*What you should do*:
Take the line that contains "Character: 𢳂" as the start and the last line of the entries as the end, and print both and everything between them exactly, without the pictures.

*Data supplied*:
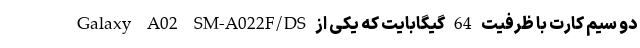
Galaxy A02 SM-A022F/DS دو سیم کارت با ظرفیت 64 گیگابایت که یکی از
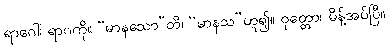
ရာဂေါ၊ ရာဂကို။ “မာနသော”တိ၊ “မာနသ”ဟူ၍။ ဝုတ္တော၊ မိန့်အပ်ပြီ။
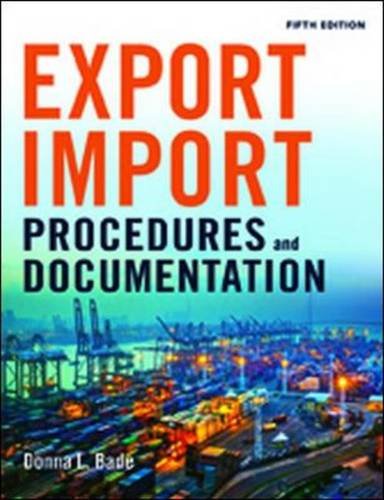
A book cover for Export/Import Procedures and Documentation; Donna L. Bade; Business & Money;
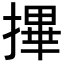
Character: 𢳂
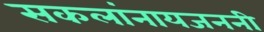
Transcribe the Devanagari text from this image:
सकलांनायजननी
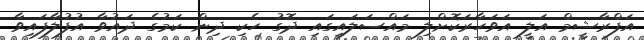
އަފްރާޝީމް އަލީ އަވަހާރަކޮށްލި މައްސަލައިގައި ދޮގު ހެކި ދިން ކަމުގެ ދައުވާ އުފުލާފައިވާ
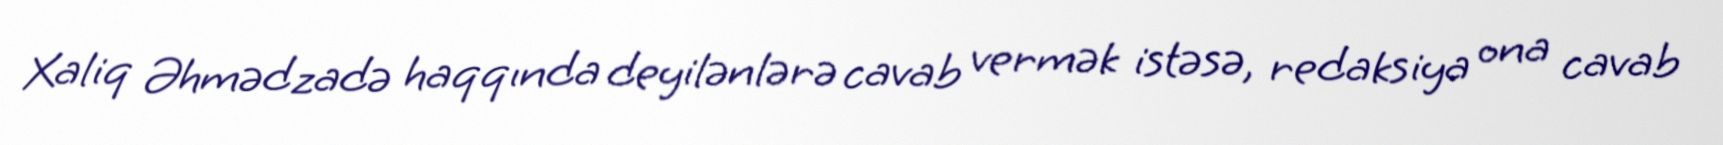
Xaliq Əhmədzadə haqqında deyilənlərə cavab vermək istəsə, redaksiya ona cavab
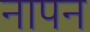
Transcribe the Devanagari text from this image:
नापन
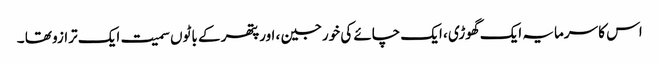
اس کا سرمایہ ایک گھوڑی ، ایک چائے کی خورجین ، اورپتھر کے باٹوں سمیت ایک ترازو تھا ۔
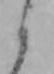
か
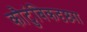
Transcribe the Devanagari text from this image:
कौटुंबिकदृष्ट्या
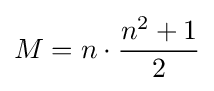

*Finished task*:
Character: 𢳂
Transcribe the Devanagari text from this image:
सकलांनायजननी
އަފްރާޝީމް އަލީ އަވަހާރަކޮށްލި މައްސަލައިގައި ދޮގު ހެކި ދިން ކަމުގެ ދައުވާ އުފުލާފައިވާ
Xaliq Əhmədzadə haqqında deyilənlərə cavab vermək istəsə, redaksiya ona cavab
Transcribe the Devanagari text from this image:
नापन
اس کا سرمایہ ایک گھوڑی ، ایک چائے کی خورجین ، اورپتھر کے باٹوں سمیت ایک ترازو تھا ۔
か
Transcribe the Devanagari text from this image:
कौटुंबिकदृष्ट्या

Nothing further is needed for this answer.